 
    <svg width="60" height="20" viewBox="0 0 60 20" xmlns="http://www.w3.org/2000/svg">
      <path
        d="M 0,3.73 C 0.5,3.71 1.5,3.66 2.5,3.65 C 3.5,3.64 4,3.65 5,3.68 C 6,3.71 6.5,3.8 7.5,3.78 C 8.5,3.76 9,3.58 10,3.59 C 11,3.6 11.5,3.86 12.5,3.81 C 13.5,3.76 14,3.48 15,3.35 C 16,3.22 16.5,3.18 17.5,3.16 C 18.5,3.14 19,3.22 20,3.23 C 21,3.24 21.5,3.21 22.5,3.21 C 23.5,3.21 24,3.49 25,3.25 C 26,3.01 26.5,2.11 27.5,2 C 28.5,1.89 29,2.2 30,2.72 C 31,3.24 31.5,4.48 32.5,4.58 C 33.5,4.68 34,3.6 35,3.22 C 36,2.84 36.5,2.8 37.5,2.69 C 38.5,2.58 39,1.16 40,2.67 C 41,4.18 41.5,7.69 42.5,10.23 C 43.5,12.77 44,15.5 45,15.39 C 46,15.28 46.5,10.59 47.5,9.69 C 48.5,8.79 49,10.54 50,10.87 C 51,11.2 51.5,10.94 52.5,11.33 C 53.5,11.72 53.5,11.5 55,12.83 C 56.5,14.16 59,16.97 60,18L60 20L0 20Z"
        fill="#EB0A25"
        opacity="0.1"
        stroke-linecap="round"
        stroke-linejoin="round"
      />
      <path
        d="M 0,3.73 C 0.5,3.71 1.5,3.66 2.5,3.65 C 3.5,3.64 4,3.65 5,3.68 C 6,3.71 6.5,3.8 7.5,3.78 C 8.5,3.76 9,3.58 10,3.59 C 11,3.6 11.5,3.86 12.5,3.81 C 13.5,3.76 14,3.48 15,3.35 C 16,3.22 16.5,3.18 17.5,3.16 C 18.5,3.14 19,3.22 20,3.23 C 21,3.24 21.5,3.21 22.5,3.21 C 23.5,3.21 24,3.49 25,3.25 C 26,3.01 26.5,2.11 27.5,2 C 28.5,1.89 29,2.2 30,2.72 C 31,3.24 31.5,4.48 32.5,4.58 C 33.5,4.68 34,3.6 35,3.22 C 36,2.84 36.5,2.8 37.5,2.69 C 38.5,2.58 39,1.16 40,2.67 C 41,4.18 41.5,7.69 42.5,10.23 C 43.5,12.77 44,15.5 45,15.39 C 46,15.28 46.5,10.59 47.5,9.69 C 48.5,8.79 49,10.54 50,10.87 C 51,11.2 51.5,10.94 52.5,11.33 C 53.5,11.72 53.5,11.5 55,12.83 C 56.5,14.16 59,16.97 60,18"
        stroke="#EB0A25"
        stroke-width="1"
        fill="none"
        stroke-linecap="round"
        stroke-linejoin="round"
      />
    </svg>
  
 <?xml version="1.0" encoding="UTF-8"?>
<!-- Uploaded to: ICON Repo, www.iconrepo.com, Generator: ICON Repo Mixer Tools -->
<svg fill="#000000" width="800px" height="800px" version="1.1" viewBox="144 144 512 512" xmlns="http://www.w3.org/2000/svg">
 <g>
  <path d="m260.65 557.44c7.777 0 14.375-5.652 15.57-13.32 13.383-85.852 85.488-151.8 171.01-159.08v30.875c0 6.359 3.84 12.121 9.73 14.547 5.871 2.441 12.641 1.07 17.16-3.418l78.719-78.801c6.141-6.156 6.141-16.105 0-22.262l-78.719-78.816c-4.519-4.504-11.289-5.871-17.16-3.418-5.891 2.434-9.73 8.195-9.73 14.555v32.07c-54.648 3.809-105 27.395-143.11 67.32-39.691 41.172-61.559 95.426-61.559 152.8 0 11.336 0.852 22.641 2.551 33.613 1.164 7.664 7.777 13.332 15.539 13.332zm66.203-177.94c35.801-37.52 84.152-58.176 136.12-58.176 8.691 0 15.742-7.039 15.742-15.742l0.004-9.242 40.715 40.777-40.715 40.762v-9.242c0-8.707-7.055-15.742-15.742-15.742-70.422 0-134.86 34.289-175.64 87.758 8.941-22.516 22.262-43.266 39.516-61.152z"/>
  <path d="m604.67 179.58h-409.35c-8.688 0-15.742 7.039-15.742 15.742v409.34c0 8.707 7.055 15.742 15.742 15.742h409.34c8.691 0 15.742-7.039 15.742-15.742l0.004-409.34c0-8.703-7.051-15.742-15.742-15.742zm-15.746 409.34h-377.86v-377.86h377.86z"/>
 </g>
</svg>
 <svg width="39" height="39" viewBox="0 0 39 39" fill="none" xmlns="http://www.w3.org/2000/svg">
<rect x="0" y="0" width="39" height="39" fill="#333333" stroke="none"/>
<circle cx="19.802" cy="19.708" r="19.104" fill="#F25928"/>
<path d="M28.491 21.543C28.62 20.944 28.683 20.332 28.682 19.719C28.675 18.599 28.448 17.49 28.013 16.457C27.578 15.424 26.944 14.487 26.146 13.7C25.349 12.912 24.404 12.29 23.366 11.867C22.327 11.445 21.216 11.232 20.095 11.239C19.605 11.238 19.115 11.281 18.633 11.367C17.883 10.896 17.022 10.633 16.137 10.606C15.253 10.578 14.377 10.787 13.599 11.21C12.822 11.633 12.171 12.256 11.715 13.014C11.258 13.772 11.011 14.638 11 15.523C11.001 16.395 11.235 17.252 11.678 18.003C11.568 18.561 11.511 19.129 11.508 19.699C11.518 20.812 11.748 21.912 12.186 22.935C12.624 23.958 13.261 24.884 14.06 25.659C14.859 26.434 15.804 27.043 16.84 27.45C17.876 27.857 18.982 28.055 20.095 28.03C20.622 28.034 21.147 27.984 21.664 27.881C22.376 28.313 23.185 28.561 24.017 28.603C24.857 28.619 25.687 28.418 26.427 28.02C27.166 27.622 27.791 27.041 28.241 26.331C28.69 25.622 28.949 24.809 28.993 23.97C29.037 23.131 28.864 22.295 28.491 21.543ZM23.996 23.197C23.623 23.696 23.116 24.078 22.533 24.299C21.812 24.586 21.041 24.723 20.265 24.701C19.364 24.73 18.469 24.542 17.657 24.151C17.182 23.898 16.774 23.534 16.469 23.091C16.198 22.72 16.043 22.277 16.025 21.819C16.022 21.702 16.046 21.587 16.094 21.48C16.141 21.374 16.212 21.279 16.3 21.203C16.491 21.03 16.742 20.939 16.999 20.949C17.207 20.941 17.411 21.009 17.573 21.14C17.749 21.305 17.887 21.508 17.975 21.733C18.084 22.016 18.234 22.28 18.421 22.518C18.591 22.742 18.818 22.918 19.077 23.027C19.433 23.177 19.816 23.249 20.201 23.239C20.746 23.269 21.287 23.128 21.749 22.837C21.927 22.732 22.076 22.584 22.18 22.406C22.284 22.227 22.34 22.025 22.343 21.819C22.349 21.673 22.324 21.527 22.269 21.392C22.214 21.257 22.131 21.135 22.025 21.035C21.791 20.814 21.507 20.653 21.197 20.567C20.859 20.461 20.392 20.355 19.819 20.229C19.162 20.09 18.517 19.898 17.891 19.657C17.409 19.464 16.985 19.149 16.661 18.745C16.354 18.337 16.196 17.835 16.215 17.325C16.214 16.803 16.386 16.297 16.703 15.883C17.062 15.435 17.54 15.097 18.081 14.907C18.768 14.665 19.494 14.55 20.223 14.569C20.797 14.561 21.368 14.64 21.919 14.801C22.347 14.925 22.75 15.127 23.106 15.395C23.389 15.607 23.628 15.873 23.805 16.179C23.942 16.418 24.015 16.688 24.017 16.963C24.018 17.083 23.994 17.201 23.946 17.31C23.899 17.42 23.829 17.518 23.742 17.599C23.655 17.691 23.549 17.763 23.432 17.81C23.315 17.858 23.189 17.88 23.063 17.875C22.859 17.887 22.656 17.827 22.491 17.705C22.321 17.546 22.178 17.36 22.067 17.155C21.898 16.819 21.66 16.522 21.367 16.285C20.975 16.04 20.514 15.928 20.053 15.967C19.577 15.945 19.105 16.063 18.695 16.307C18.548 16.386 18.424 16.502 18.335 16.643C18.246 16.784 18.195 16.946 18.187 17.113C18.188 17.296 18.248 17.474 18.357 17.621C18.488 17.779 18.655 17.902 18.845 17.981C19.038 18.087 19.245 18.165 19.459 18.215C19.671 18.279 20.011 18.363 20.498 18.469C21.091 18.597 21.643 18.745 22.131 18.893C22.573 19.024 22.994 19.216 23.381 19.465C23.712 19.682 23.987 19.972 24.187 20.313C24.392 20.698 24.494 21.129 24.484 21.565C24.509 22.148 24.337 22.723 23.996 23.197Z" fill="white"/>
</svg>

★ ★ ★ ★

* Aim of the task *
All lines carrying the word "height" must be copied from the data above.

* Finished exercise *
    <svg width="60" height="20" viewBox="0 0 60 20" xmlns="http://www.w3.org/2000/svg">
<svg fill="#000000" width="800px" height="800px" version="1.1" viewBox="144 144 512 512" xmlns="http://www.w3.org/2000/svg">
 <svg width="39" height="39" viewBox="0 0 39 39" fill="none" xmlns="http://www.w3.org/2000/svg">
<rect x="0" y="0" width="39" height="39" fill="#333333" stroke="none"/>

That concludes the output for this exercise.